Kimberly Haupt, PhD: No relevant disclosure to display
Introduction/Rationale: Granzyme B (GZB), a serine protease secreted by cytotoxic T lymphocytes and natural killer cells, plays a critical role in immune defense by inducing apoptosis in target cells. Monitoring GZB production, e.g., during T cell activation, provides a direct functional readout of cytotoxic potential, distinguishing it from surface markers CD69 and CD25 that indicate activation status. Current methods for measuring GZB protein levels (flow cytometry and ELISA) involve multi-step, lengthy protocols. We developed a bioluminescent GZB activity assay for simplified, rapid GZB analysis to facilitate the incorporation of this functional indicator into experimental workflows.

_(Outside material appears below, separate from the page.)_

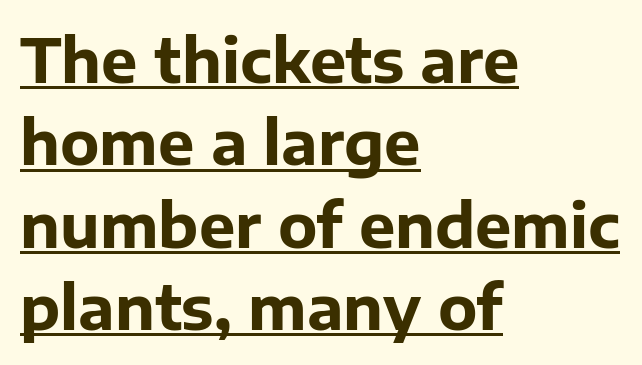
Short and long lines alike share a common starting point at left. The leading is moderate, giving the passage an even texture. Is the letter spacing exaggerated? No — it looks like the ordinary default. The axis of the letterforms is exactly vertical. Here the designer chose a conventional face with non-uniform glyph widths.
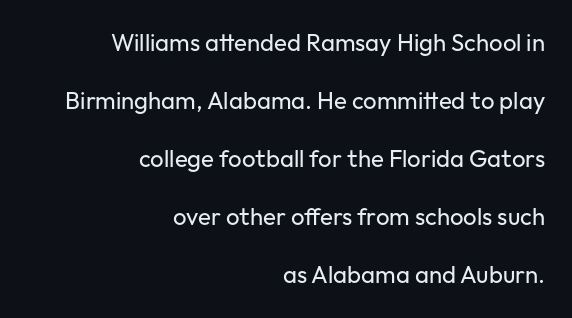
Does extra space separate the letters? No, they use regular spacing. Line spacing here is loose. Nothing heavy about these letters — not bold at all. The paragraph shown leans on its right margin. Upright lettering throughout. Descenders hang freely into open space.

Methods: The assay reaction consists of a peptide-luciferin prosubstrate and luciferase. Proteolytic cleavage by active GZB releases luciferin, which is oxidized by the luciferase enzyme. The resulting light signal is directly proportional to GZB activity.
Results: We used the assay to monitor GZB production during T cell activation. T cells were isolated from peripheral blood mononuclear cells and stimulated under various media conditions. Samples were collected during the activation phase on Days 1-3; culture medium and cell lysates were analyzed. GZB activity increased over time and varied by activation condition. On day 1, signals from cell lysates were ~2 to10-fold higher than medium background, increasing to ~30 to 550-fold by day 3. Signals from non-activated cell lysates were not above background. GZB detected in culture medium also increased, reaching ~11 to 106-fold above background on day 3. These results were confirmed by measuring intracellular GZB levels by flow cytometry and ELISA. GZB activity also aligned with CD69 and CD25 expression, as well as IFN-γ and TNF-α cytokine secretion.
Conclusion: This bioluminescent GZB activity assay provides a rapid and simple method for monitoring GZB, especially for studies requiring higher-throughput sample analysis.